Original X_test shape: (292, 229)
New X_test shape after scaling and thresholding: (292, 40)


In [32]:
# --- Repeat step 7 with the high variance data. --- #

# --- Transform the Training Data ---
X_train_vt = var_selector.transform(X_train_minmax_df)

print(f"--- Final training data created with shape: {X_train_vt.shape} ---")

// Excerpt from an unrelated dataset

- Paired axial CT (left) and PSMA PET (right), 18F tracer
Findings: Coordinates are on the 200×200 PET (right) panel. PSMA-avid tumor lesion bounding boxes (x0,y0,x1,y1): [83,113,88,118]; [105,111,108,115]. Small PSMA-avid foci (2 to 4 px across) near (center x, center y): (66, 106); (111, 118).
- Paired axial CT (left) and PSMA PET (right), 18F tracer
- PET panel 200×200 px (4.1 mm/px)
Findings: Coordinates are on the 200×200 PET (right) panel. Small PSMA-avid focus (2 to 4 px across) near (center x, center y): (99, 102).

# --- Create and Train the Model ---
model_vt = LinearRegression()

# Train (fit) the model on the high-variance training data
model_vt.fit(X_train_vt, y_train)
print("--- Model trained successfully on high-variance data. ---")

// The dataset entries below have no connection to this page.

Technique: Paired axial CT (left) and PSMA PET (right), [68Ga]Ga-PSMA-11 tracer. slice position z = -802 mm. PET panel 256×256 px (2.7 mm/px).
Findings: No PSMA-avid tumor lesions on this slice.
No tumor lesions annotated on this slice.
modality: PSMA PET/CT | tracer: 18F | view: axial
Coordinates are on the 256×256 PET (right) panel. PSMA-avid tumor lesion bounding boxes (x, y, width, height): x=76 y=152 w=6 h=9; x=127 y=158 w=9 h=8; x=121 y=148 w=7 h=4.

# --- Make Predictions on the High-Variance Test Set ---
y_pred_vt = model_vt.predict(X_test_vt)


# --- Calculate and Report Metrics ---
# Calculate R-squared (R2)
r2_vt = r2_score(y_test, y_pred_vt)

# Calculate Root Mean Squared Error (RMSE)
rmse_vt = np.sqrt(mean_squared_error(y_test, y_pred_vt))

print("\n--- High-Variance Model Performance on Test Set ---")
print(f"R-squared (R2): {r2_vt:.4f}")
print(f"Root Mean Squared Error (RMSE): ${rmse_vt:,.2f}")

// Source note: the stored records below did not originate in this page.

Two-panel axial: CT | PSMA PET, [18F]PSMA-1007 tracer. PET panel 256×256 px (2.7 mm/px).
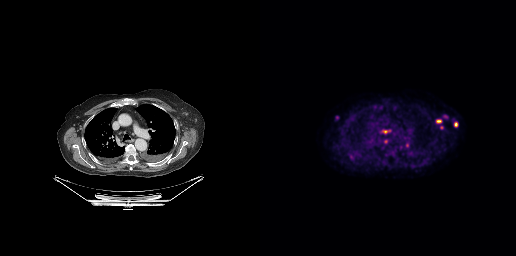
Coordinates are on the 256×256 PET (right) panel. PSMA-avid tumor lesion bounding boxes:
| # | x0 | y0 | x1 | y1 |
|---|---|---|---|---|
| 1 | 120 | 129 | 131 | 134 |
| 2 | 176 | 118 | 181 | 123 |
| 3 | 89 | 155 | 94 | 160 |
| 4 | 193 | 122 | 197 | 126 |
| 5 | 75 | 116 | 79 | 119 |
Small PSMA-avid foci (2 to 4 px across) near (center x, center y): (181, 127); (125, 141); (114, 106); (193, 119); (147, 145); (185, 116).
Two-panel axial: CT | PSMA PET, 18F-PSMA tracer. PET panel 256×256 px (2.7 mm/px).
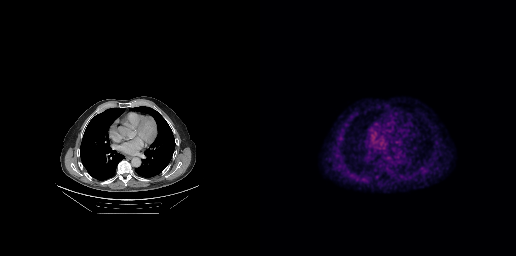
No tumor lesions annotated on this slice.
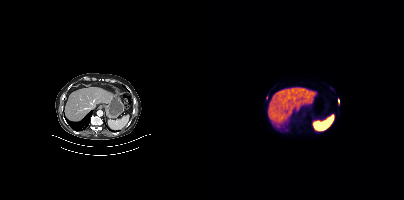
{"pet_grid":[200,200],"coord_frame":"pet_panel","coord_format":"x0,y0,x1,y1","lesion_bboxes":[],"small_foci_centers":[[62,97],[134,100]],"modality":"PSMA PET/CT","view":"axial","tracer":"18F"}
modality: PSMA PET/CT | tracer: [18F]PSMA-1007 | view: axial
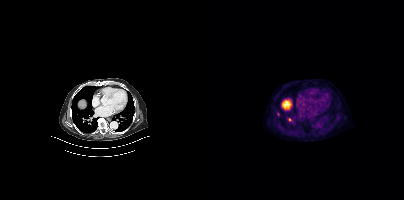
Coordinates are on the 200×200 PET (right) panel. Small PSMA-avid foci (2 to 4 px across) near (center x, center y): (85, 119) / (74, 114).

--- Final training data created with shape: (1168, 40) ---
--- Model trained successfully on high-variance data. ---

--- High-Variance Model Performance on Test Set ---
R-squared (R2): 0.6481
Root Mean Squared Error (RMSE): $51,952.01


### Conclusion
This notebook compared three methods for predicting house prices. First, a baseline linear regression model was trained using all 229 preprocessed features, but it performed poorly, only explaining about 65% of the price variance (R²: 0.6478) with an average error of nearly $52,000 (RMSE).

The second method used PCA to reduce the 229 features to 127 principal components. This model was far superior, explaining 84% of the variance (R²: 0.8409) and reducing the average error to just $35,000 (RMSE).

The third method used a Variance Threshold to select the 40 "highest variance" features. This model performed almost identically to the baseline (R²: 0.6481), showing no improvement.

From these we can understand that simply having more features (229) isn't always better. The baseline model was likely "noisy." PCA created a much more accurate and efficient model by compressing the features and filtering out that noise. The Variance Threshold method, while simple, failed to select a useful set of features, proving that PCA was the clearly superior strategy for this dataset.